--- PROVIDED ENTRIES Enclosed Below ---
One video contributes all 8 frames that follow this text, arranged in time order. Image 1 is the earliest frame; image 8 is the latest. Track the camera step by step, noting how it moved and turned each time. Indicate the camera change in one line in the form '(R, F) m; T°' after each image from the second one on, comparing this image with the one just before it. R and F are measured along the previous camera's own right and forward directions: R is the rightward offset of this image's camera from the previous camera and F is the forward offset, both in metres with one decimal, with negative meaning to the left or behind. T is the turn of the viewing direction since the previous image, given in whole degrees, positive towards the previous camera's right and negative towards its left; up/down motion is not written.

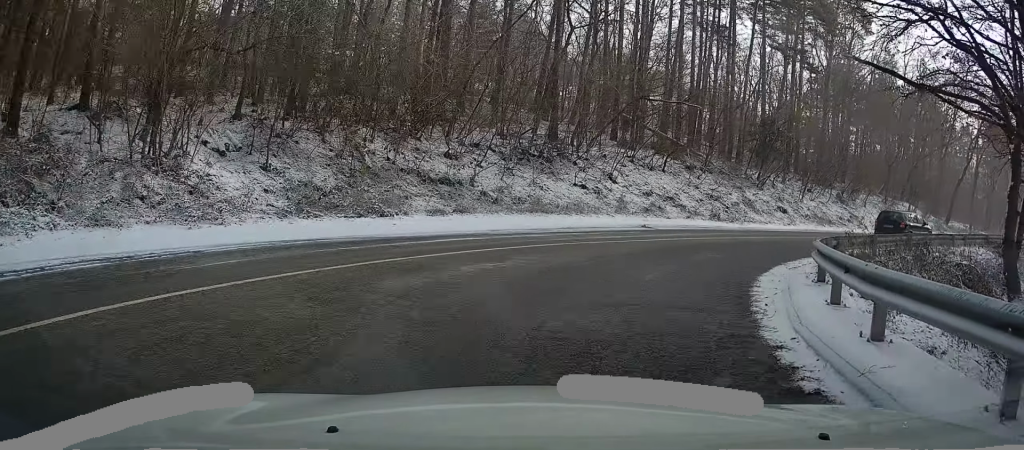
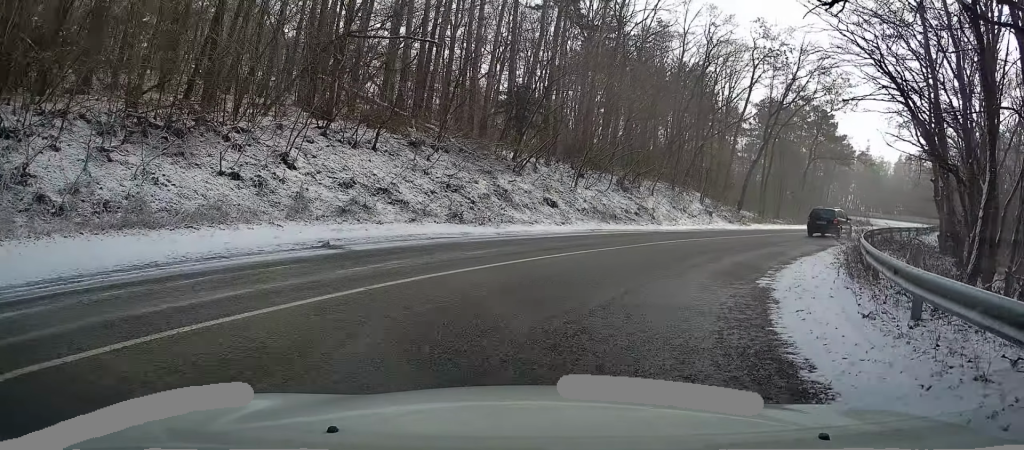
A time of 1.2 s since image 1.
(+2.4, +11.6) m; +17°
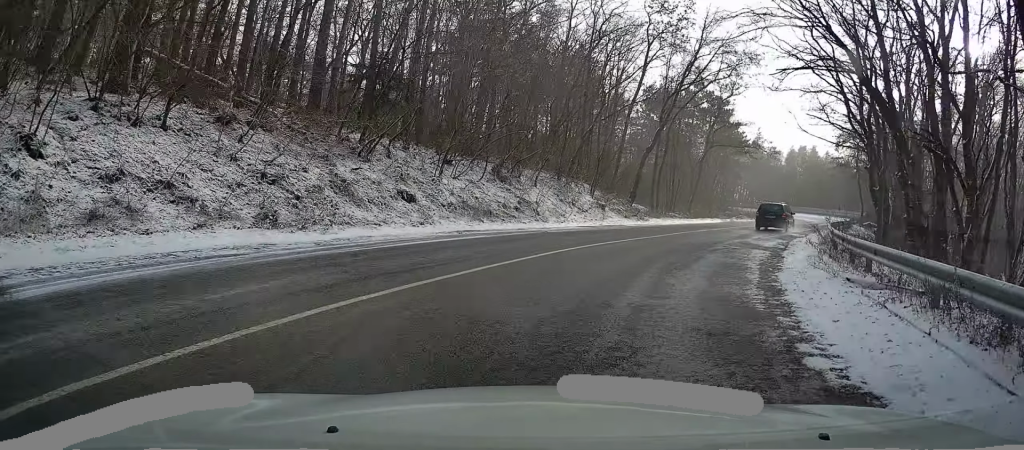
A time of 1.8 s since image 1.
(+0.3, +6.1) m; +7°
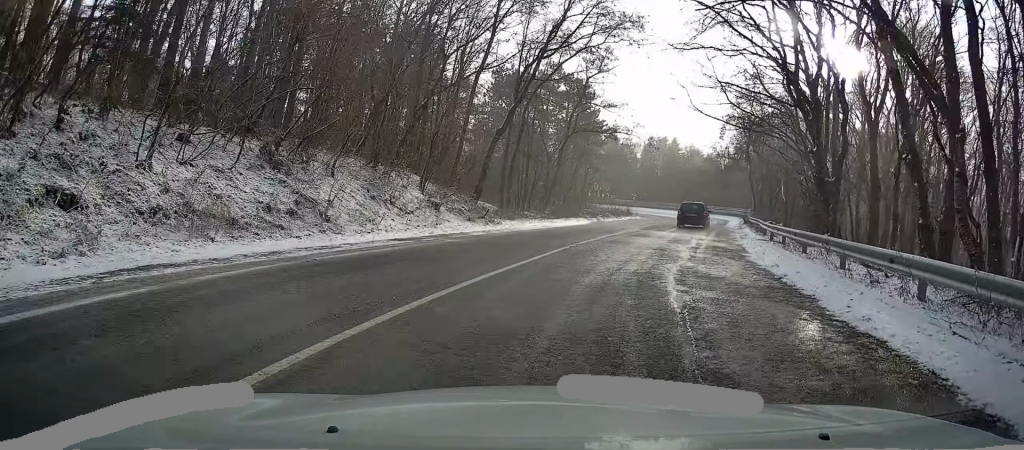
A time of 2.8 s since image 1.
(+0.7, +9.7) m; +13°
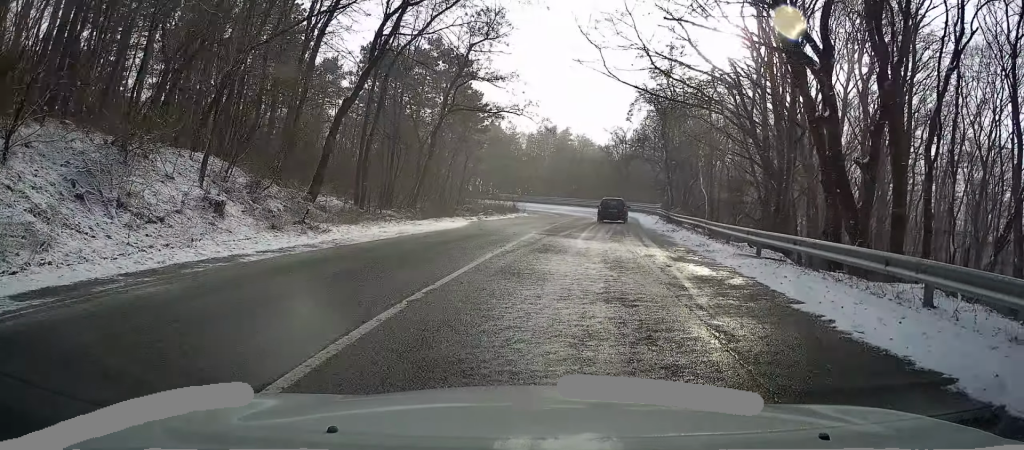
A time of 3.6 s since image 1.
(+1.3, +8.8) m; +12°
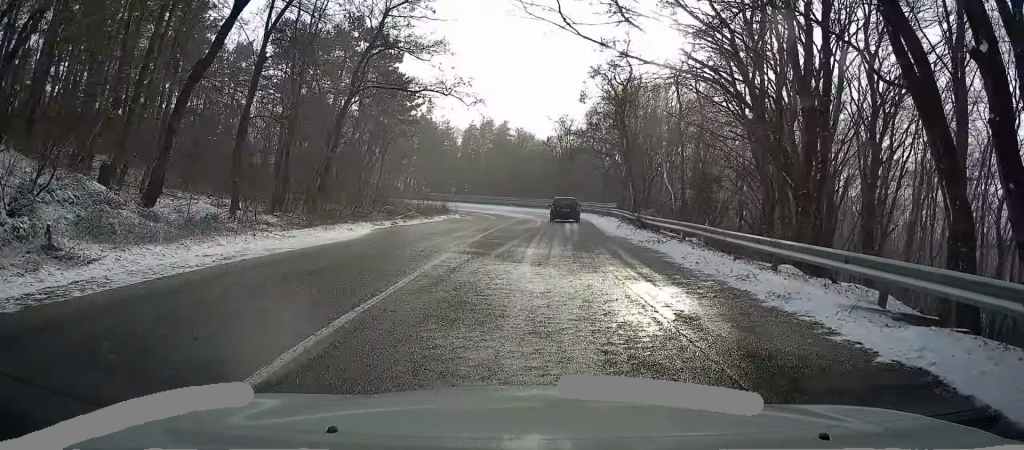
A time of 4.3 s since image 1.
(+0.2, +7.1) m; +6°
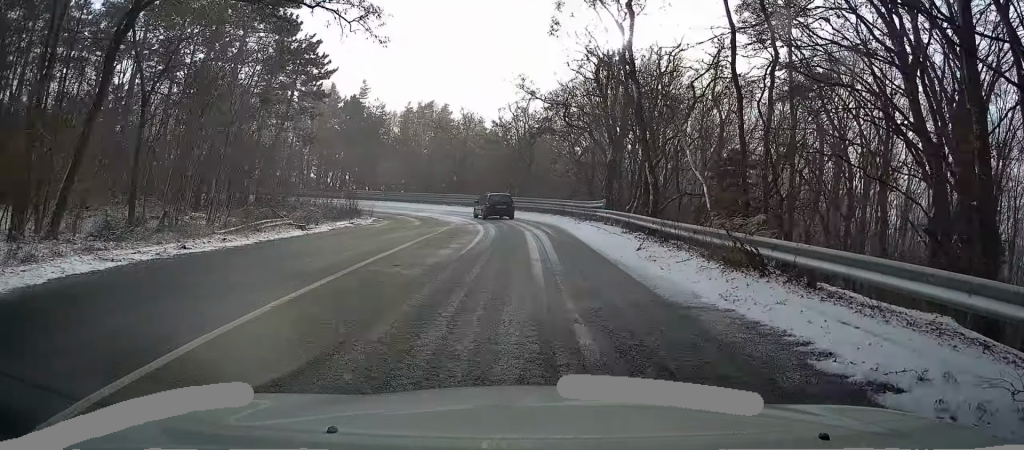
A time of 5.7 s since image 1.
(+1.1, +14.1) m; +5°
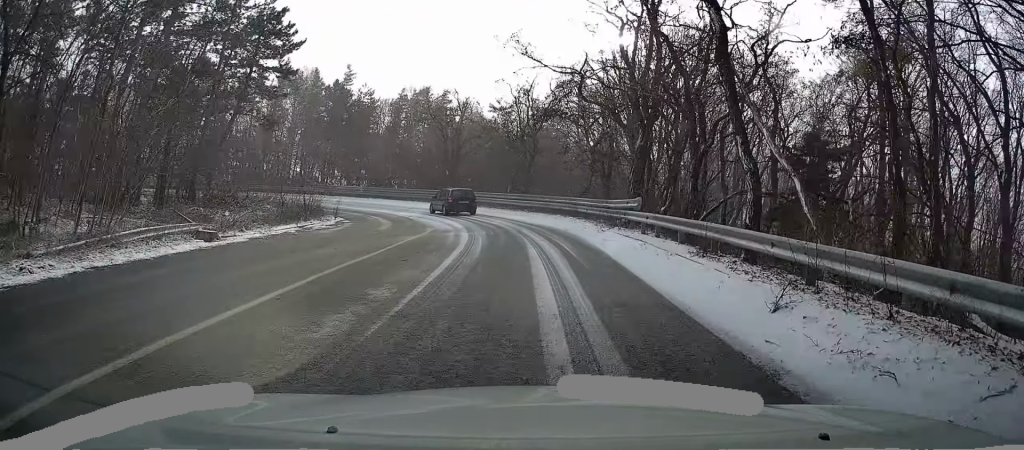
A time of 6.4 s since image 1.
(-0.1, +7.4) m; +1°
--- End of Enclosed PROVIDED ENTRIES ---
*WHAT NEEDS TO BE DONE*
Write out, exactly and with nothing added, every line from the one that holds "A time of 3.6 s since image 1." to the end of the entries above; pictures stay out.

*TASK OUTPUT*
A time of 3.6 s since image 1.
(+1.3, +8.8) m; +12°
A time of 4.3 s since image 1.
(+0.2, +7.1) m; +6°
A time of 5.7 s since image 1.
(+1.1, +14.1) m; +5°
A time of 6.4 s since image 1.
(-0.1, +7.4) m; +1°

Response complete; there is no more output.